Treasure Trove Looted

by John Macdonald

[Editor's Note: The following article describes a serious policy and legal issue in publishing. Programmers and Web site developers will be particularly interested, especially if they are thinking of writing books based on the content of their Web sites. We'd like to thank Jarkko Hietaniemi for bringing this issue to light, and John Macdonald for writing the following article. Both Jarkko and John are coauthors, with Jon Orwant, of Mastering Algorithms with Perl.]

For years, Eric Weisstein's Treasure Trove Web site, more recently named MathWorld, was a valuable resource on the Web. It contained, among other things, information and code on a wide variety of computer algorithms. It was recently available at:

Prior to that, it was available as Eric's Treasure Trove at Eric's personal Web site.

The Wolfram MathWorld site now displays a message that the site is no longer available. This is in response to a court order [.pdf doc] obtained by CRC Press, a publishing company known for a range of technical reference books.

Eric Weisstein, the creator of Eric's Treasure Trove, turned the content of the site into a book, The CRC Concise Encyclopedia of Mathematics, published by CRC Press. In the process, CRC Press acquired the copyright ownership of that material--but the extent of what they acquired is the central issue of the dispute.

For a while, Eric's Web site remained available. Then, at the request of CRC Press, access to the algorithms was limited to items starting with ten letters of the alphabet at a time, but the selection of which ten would be changed each day. Later the limit was removed, though now the site has been shut down completely.

Eric's Web site was active both before and after the book was published. There were ongoing updates provided by the viewers, as is typical of open source activities.

Web site creation utilizes a definition of publishing that does not match the traditional book industry definition. A Web page is published dynamically, and it is made available to readers even while it continues to change. A book is published by printing the content on paper and binding it into what we know as a book. If the data changes, a different edition of the book is published. Small changes might be made before a later print run without waiting for a new edition. Readers can purchase the new edition or continue to use the outdated version. Changes to a Web site that also became a book range from minor ones that might be included in a reprint of the book, to major changes and additions that might require a new edition of the book -- and changes may happen on a continual basis.

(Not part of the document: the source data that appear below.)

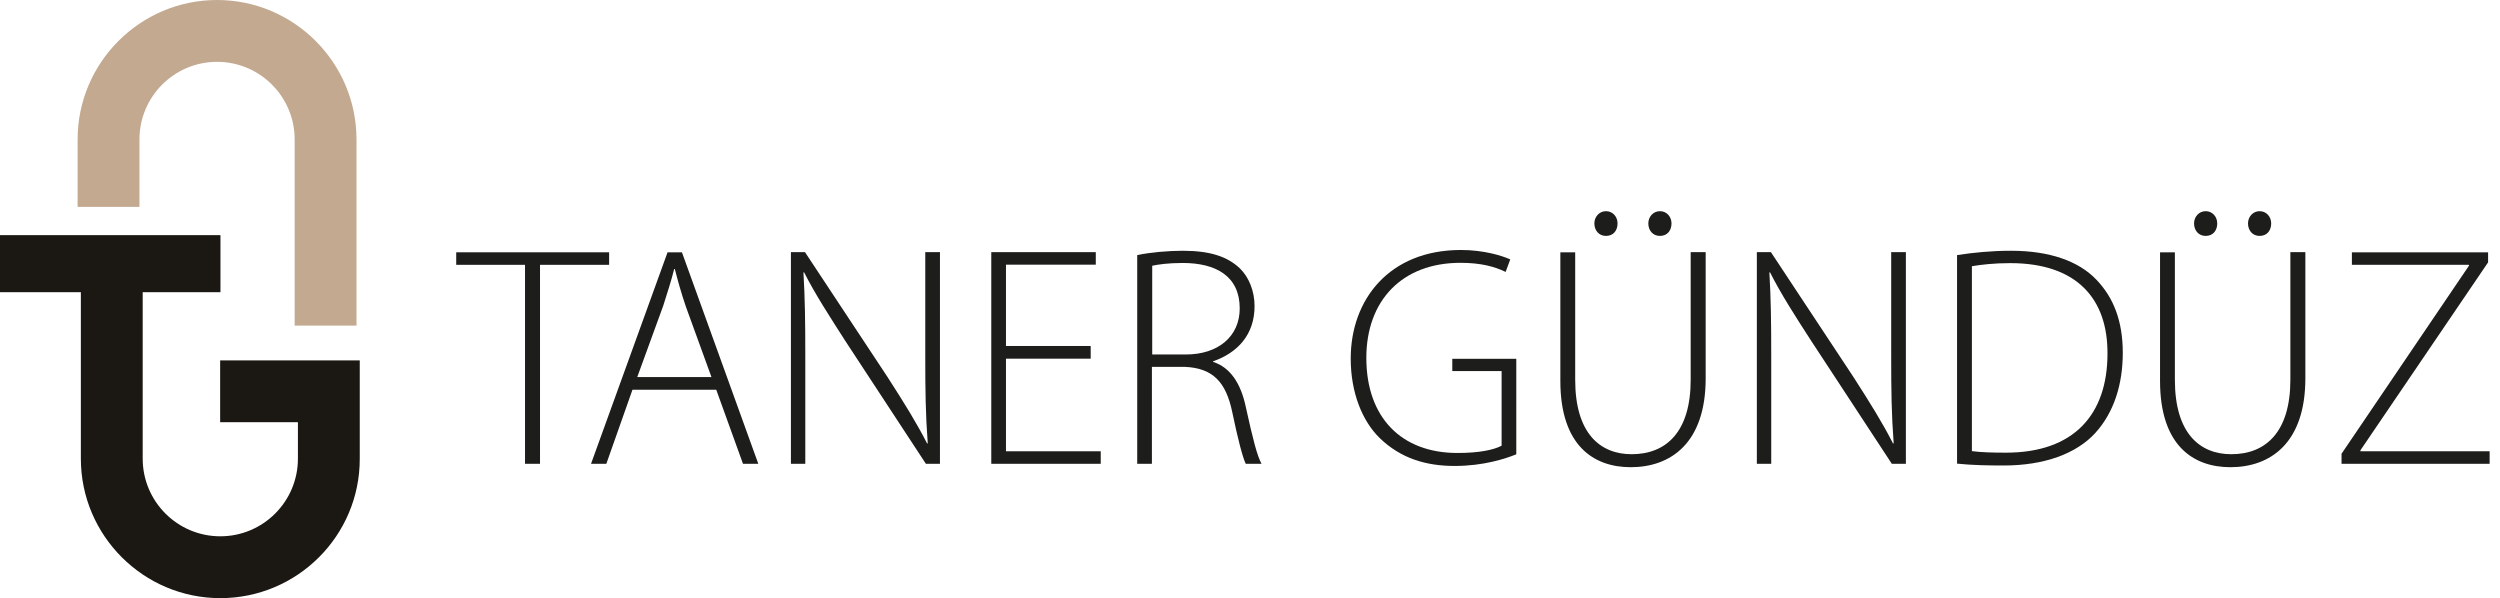 <?xml version="1.0" encoding="UTF-8"?>
<!-- Generator: Adobe Illustrator 27.9.0, SVG Export Plug-In . SVG Version: 6.00 Build 0)  -->
<svg xmlns="http://www.w3.org/2000/svg" xmlns:xlink="http://www.w3.org/1999/xlink" version="1.1" id="Ebene_2_00000164501021890163779400000004127783224999042227_" x="0px" y="0px" viewBox="0 0 1617.1 387" style="enable-background:new 0 0 1617.1 387;" xml:space="preserve">
<style type="text/css">
	.st0{fill:#1B1713;}
	.st1{enable-background:new    ;}
	.st2{fill:#1D1D1B;}
	.st3{fill:#C2A990;}
</style>
<g id="Ebene_1-2">
	<g>
		<path class="st0" d="M142.5,386.9c-49.7,0-90.2-40.5-90.2-90.2V171.3h40v125.4c0,27.7,22.5,50.2,50.2,50.2s50.2-22.5,50.2-50.2    v-23.6h-50.3v-40h90.3v63.6C232.8,346.5,192.3,386.9,142.5,386.9z"></path>
	</g>
	<g>
		<rect y="152.1" class="st0" width="142.6" height="36.9"></rect>
	</g>
	<g class="st1">
		<path class="st2" d="M339.6,171.3h-44.5v-8.1h98.9v8.1h-44.7V300h-9.7V171.3z"></path>
	</g>
	<g>
	</g>
	<g class="st1">
		<path class="st2" d="M409.1,252.1L392.2,300h-9.9l49.5-136.8h9.3L490.5,300h-9.9l-17.3-47.9H409.1z M460.2,243.9l-16.6-45.7    c-3.2-9.5-5.1-16.4-7.1-24.2h-0.4c-2,7.9-4.3,15-7.1,23.8l-16.8,46.1H460.2z"></path>
		<path class="st2" d="M511.6,300V163.1h9.1l53.4,80.8c11,17.1,18.9,29.8,25.6,43l0.4-0.2c-1.4-18.5-1.6-34.1-1.6-55.6v-68h9.5V300    h-9.1l-52.2-79.6c-10.1-15.8-19.5-30.2-26.6-44.3l-0.4,0.2c1,16.8,1.2,31.7,1.2,54.4V300H511.6z"></path>
		<path class="st2" d="M705.5,232h-54.8v59.9h61.3v8.1h-70.8V163.1h67.6v8.1h-58.1v52.6h54.8V232z"></path>
		<path class="st2" d="M735.7,165c8.3-1.8,20.1-2.8,29.4-2.8c17.9,0,29,3.9,36.9,11.4c5.9,5.7,9.5,14.8,9.5,24.4    c0,18.5-11,30.2-26.8,35.7v0.4c11,3.5,17.9,13.8,21.1,29c4.7,21.3,7.3,31.5,10.2,36.9h-10.2c-2-4.1-5.1-16-8.7-33.3    c-4.1-19.7-12.6-28.6-30.7-29.4h-21.3V300h-9.5V165z M745.2,229.3H767c21.1,0,34.9-11.8,34.9-29.8c0-20.9-15.4-29.4-36.9-29.4    c-9.3,0-16.2,1-19.7,1.8V229.3z"></path>
		<path class="st2" d="M980.7,293.9c-6.9,2.8-21.1,7.5-39.8,7.5c-18.1,0-34.7-4.7-48.5-18.1c-11.2-11-18.7-29.2-18.7-51.4    c0-38,24.8-70.2,71.3-70.2c14.8,0,26.6,3.7,31.9,6.1l-3,8.1c-7.1-3.5-16.2-5.9-29.2-5.9c-37.8,0-60.9,24.4-60.9,61.5    c0,38.6,22.7,61.5,58.9,61.5c14.2,0,23.5-2,28.6-4.7v-48.3h-31.9v-7.9h41.4V293.9z"></path>
		<path class="st2" d="M1018.9,163.1v82.6c0,34.7,16.2,48.1,36.5,48.1c22.5,0,38.2-14.6,38.2-48.1v-82.6h9.7v81.6    c0,42-22.7,57.5-48.5,57.5c-24,0-45.5-14-45.5-55.8v-83.2H1018.9z M1031.3,144.5c0-4.3,3.2-7.9,7.5-7.9c4.5,0,7.5,3.7,7.5,7.9    c0,4.5-2.6,8.1-7.5,8.1C1034.1,152.6,1031.3,148.9,1031.3,144.5z M1066.2,144.5c0-4.3,3.2-7.9,7.5-7.9c4.5,0,7.5,3.7,7.5,7.9    c0,4.5-2.6,8.1-7.5,8.1C1069,152.6,1066.2,148.9,1066.2,144.5z"></path>
		<path class="st2" d="M1136.4,300V163.1h9.1l53.4,80.8c11,17.1,18.9,29.8,25.6,43l0.4-0.2c-1.4-18.5-1.6-34.1-1.6-55.6v-68h9.5V300    h-9.1l-52.2-79.6c-10.2-15.8-19.5-30.2-26.6-44.3l-0.4,0.2c1,16.8,1.2,31.7,1.2,54.4V300H1136.4z"></path>
		<path class="st2" d="M1265.9,165c10.4-1.6,22.1-2.8,34.9-2.8c25,0,43.8,6.7,55.2,18.7c11,11.4,17.1,26.6,17.1,47.3    c0,20.1-5.5,38.4-17.9,52c-12.2,13.2-32.7,20.9-59.1,20.9c-10.6,0-20.5-0.2-30.2-1.2V165z M1275.5,291.8c5.7,0.8,13.6,1,22.1,1    c43.8,0,65.6-24.6,65.6-64.1c0.2-34.7-19.1-58.5-62.9-58.5c-10.6,0-18.9,1-24.8,2V291.8z"></path>
		<path class="st2" d="M1406.8,163.1v82.6c0,34.7,16.2,48.1,36.5,48.1c22.5,0,38.2-14.6,38.2-48.1v-82.6h9.7v81.6    c0,42-22.7,57.5-48.5,57.5c-24,0-45.5-14-45.5-55.8v-83.2H1406.8z M1419.2,144.5c0-4.3,3.2-7.9,7.5-7.9c4.5,0,7.5,3.7,7.5,7.9    c0,4.5-2.6,8.1-7.5,8.1C1422,152.6,1419.2,148.9,1419.2,144.5z M1454.1,144.5c0-4.3,3.2-7.9,7.5-7.9c4.5,0,7.5,3.7,7.5,7.9    c0,4.5-2.6,8.1-7.5,8.1C1456.9,152.6,1454.1,148.9,1454.1,144.5z"></path>
		<path class="st2" d="M1514.6,293.5l82.4-121.6v-0.6h-75.7v-8.1h88.1v6.5l-82.6,121.6v0.6h83.6v8.1h-95.8V293.5z"></path>
	</g>
	<g>
		<path class="st3" d="M230.6,210.6h-40V90.2c0-27.7-22.5-50.2-50.2-50.2S90.2,62.5,90.2,90.2v43.6h-40V90.2    C50.2,40.5,90.7,0,140.4,0s90.2,40.5,90.2,90.2V210.6z"></path>
	</g>
</g>
</svg>

When a book publisher acquires an exclusive copyright for a book, they ensure that no other publisher will publish a copy of the same book. However, any copies that were previously published by a different publisher can still be used by the people who purchased them.

A Web user expects to be able to return to a published Web page whenever he needs to. When a Web site goes away, it's akin to having a book removed from the Web user's library. Not only is he unable to get the latest updated information, but he is unable to access the original information.

According to the legal documents displayed on the Wolfram Web site, what appears to be the key issue here is the distinction between a base work and a derivative work. CRC Press claims that the Web site is a derivative work that conflicts with their copyright, and that the contract for the book included the complete copyright to the work. Wolfram claims that the book is an authorized derivative work but that the Web site is the original work. Further, Wolfram claims that the copyright for the Web site is distinct from the book. As evidence, Wolfram cites the fact that CRC Press obtained a separate copyright for the CD-ROM that followed the printed book. In turn, CRC Press offers the fact that Wolfram tried to obtain permission for the Web site to show that Wolfram, to some extent at least, agrees that CRC Press has a legitimate claim to the copyright.

Even when the material in a book is produced specifically for print, not all book publishers are strict with their publication control. It is quite common for books to have associated Web sites that contain code, errata, update information, and, occasionally, the full content of the book. These are often maintained by the author rather than the book publisher.

I suspect that for the most part, Web dwellers will treat CRC Press as damage and route around them. Already numerous people have stated they will never again buy books from CRC Press. If this situation is not resolved soon, it is likely that a different site will replace MathWorld with a shared dynamic algorithm database.